The work of ECU professor emeritus Bob Ebendorf also is included. An acclaimed jewelry and sculpture artist, he is known for his creativity in combining disparate materials.

“He makes jewelry out of stuff he found on the street, and he makes it wearable and beautiful,” Buss said. “Recycling and reusing and using what we found is a common thing in art jewelry but not in fine jewelry. There's sort of that distinction.”

Ebendorf's influence is seen in “ECU Metals,” an invitational exhibition featuring work of ECU faculty and master's of fine arts students. The exhibit, curated by Mi-Sook Hur opens Jan. 18 in Gray gallery, along with “Cadavre Exquis.” Curated by Sarah Tector, “Cadavre Exquis” is an exhibition of art jewelry based on the surrealist practice of the “exquisite corpse.” Nine artists created combined pieces of jewelry from assigned material, only discovering the final version of their works at the end.

Also as part of the Material Topics Symposium, Emerge Gallery & Art Center is exhibiting “Crowning Glory.” The traveling exhibition from Danaca Design in Seattle, Wash., explores the concept of rule as symbolized by impressive jewels and imposing headdresses, crowns and tiaras.

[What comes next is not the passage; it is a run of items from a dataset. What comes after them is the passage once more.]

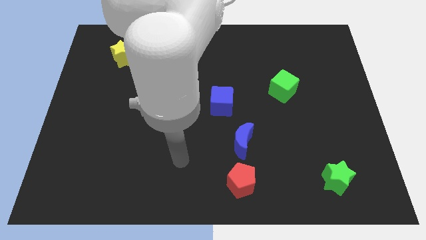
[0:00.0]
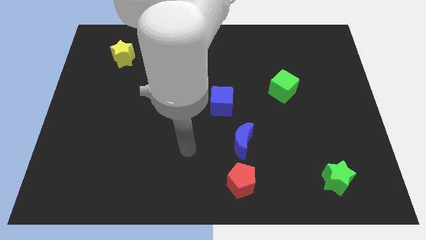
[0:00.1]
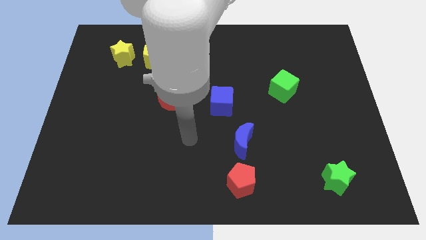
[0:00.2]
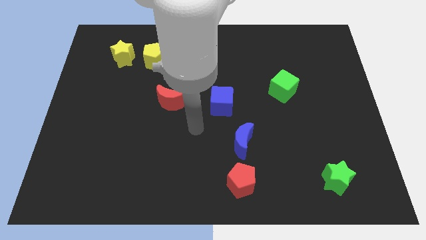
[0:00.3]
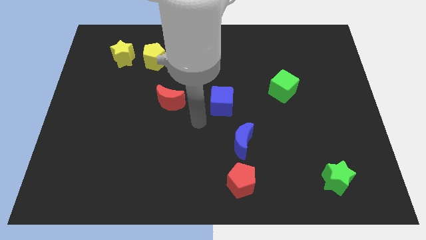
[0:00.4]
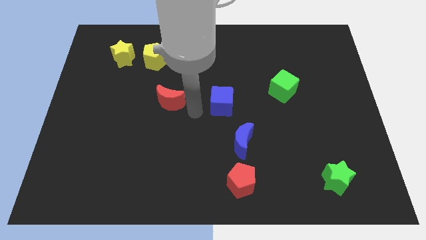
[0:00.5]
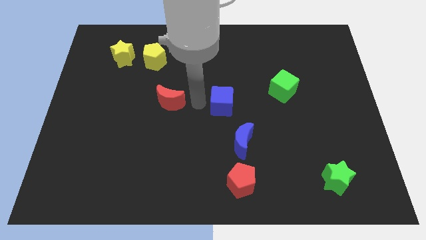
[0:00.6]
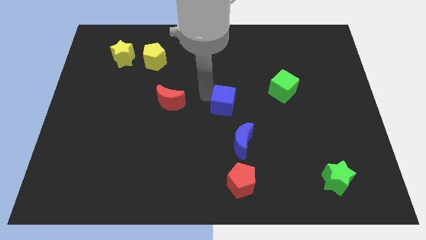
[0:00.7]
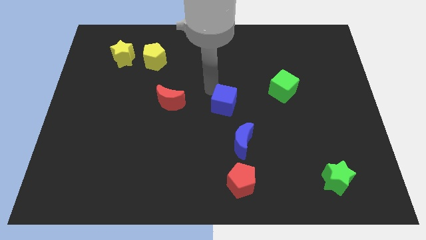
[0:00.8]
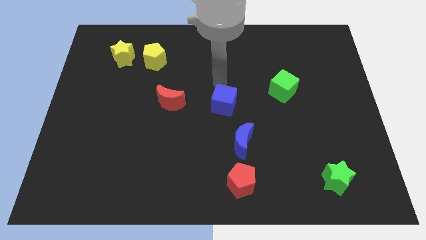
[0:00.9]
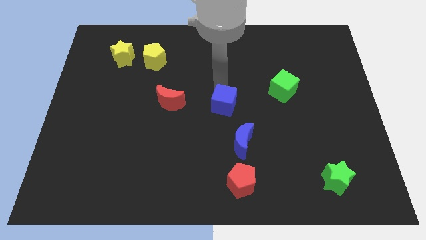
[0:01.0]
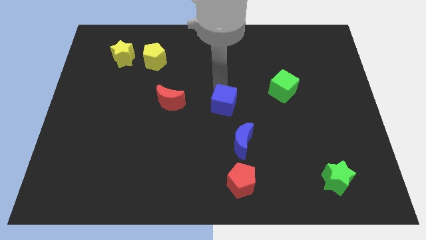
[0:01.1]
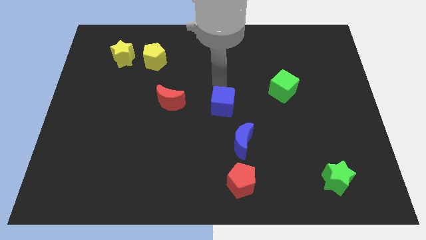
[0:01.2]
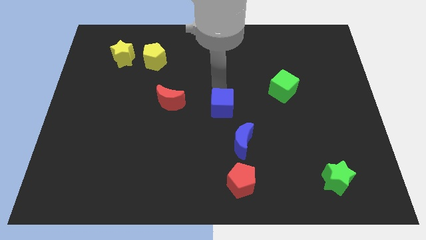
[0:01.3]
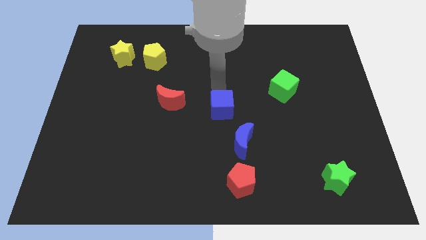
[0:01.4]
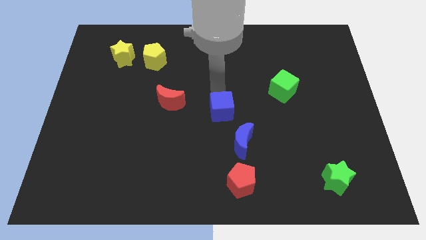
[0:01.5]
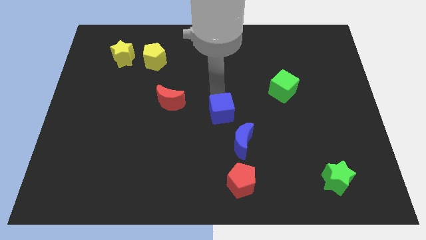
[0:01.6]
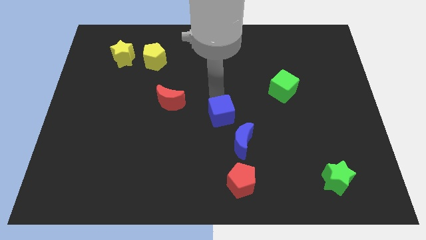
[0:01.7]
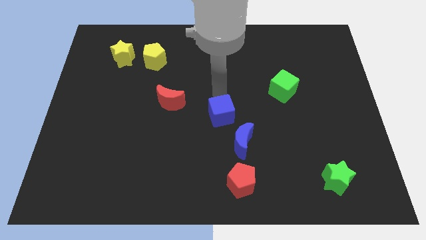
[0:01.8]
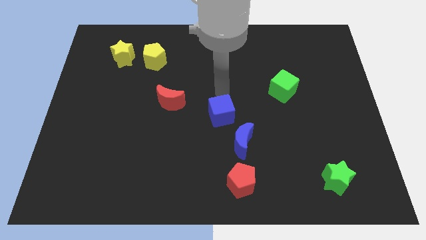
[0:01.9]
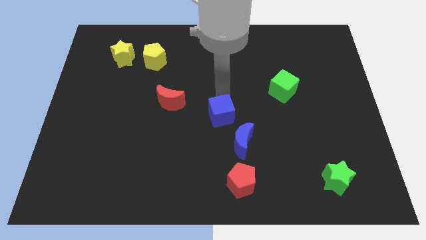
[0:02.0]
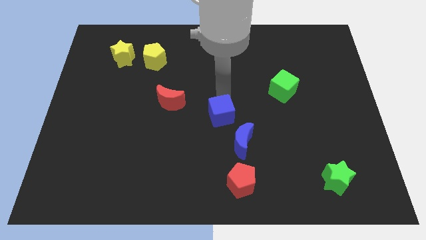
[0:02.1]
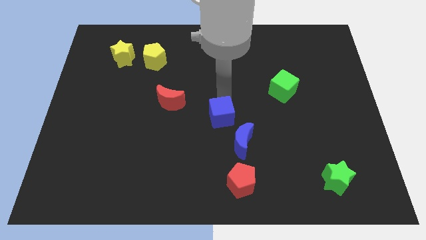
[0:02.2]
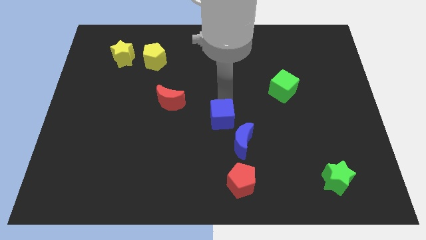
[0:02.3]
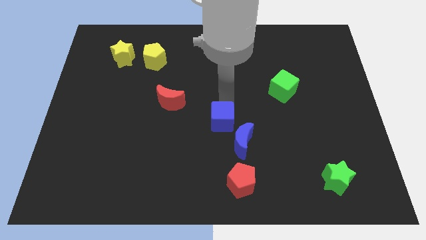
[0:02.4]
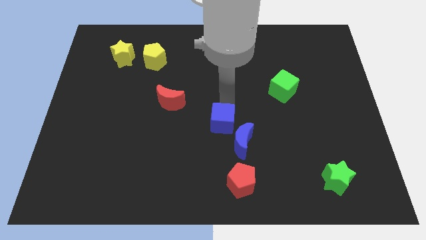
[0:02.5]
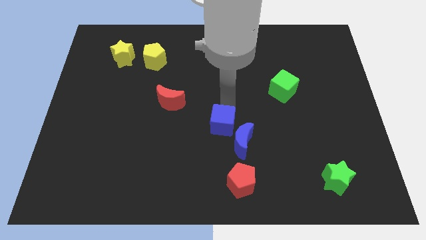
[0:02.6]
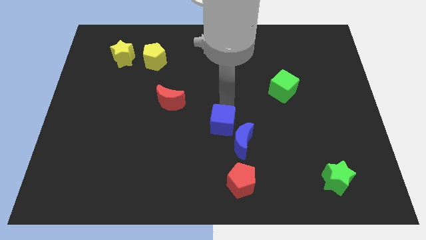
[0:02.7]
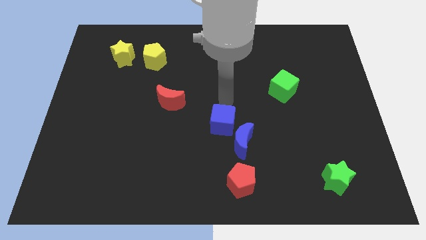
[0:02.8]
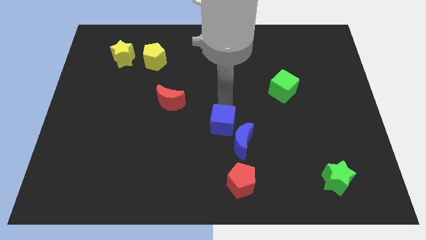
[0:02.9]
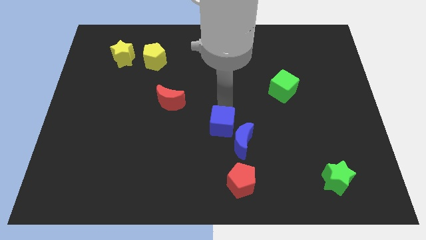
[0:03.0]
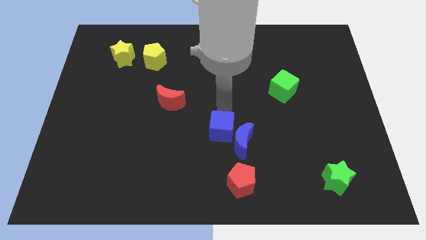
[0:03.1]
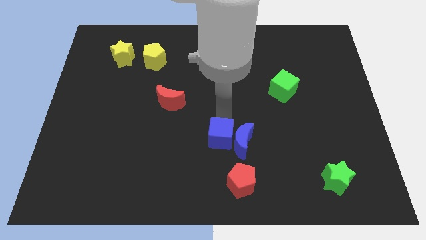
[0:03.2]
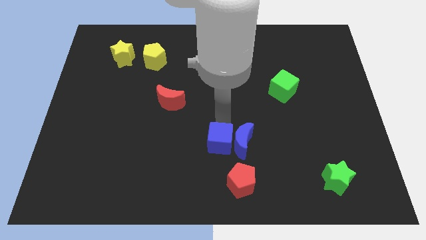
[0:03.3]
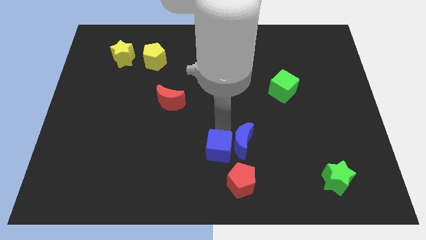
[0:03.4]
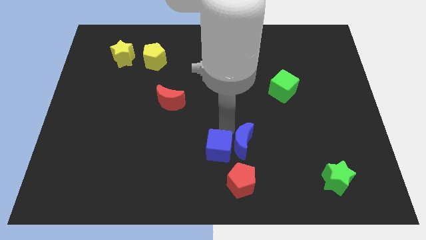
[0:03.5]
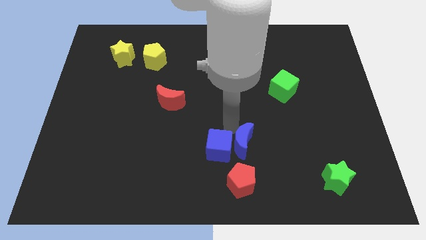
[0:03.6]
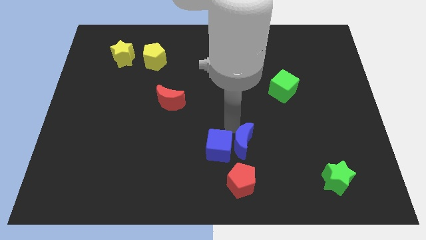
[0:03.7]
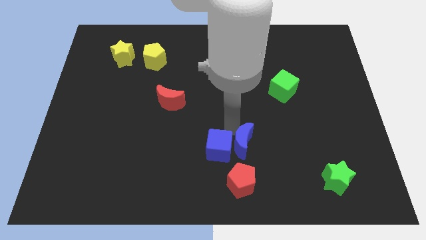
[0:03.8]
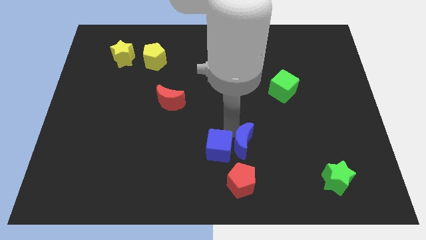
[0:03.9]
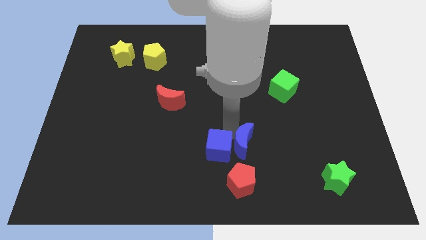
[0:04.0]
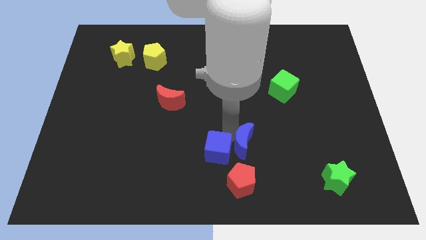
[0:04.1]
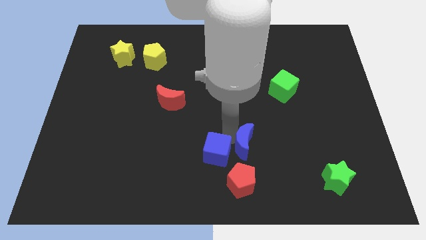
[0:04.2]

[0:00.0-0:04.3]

It is on exhibit through Jan. 24 in Emerge's Don Edwards Gallery.

A two-dimensional exhibit, “The Ephemeral Archived,” is on exhibit in the Harvey Wooten Gallery. The juried exhibition drew international entries.

Gray Gallery, located in Jenkins Fine Arts Center on Fifth Street, and Emerge, 404 Evans St., will host openings from 6-9 p.m. Jan. 18 as part of the symposium's Gallery Crawl. There is no admission charge. The symposium also will include a half dozen free public lectures Jan. 19-20 in Jenkins’ Speight Auditorium. Free. For a complete schedule, visit materialtopics.com.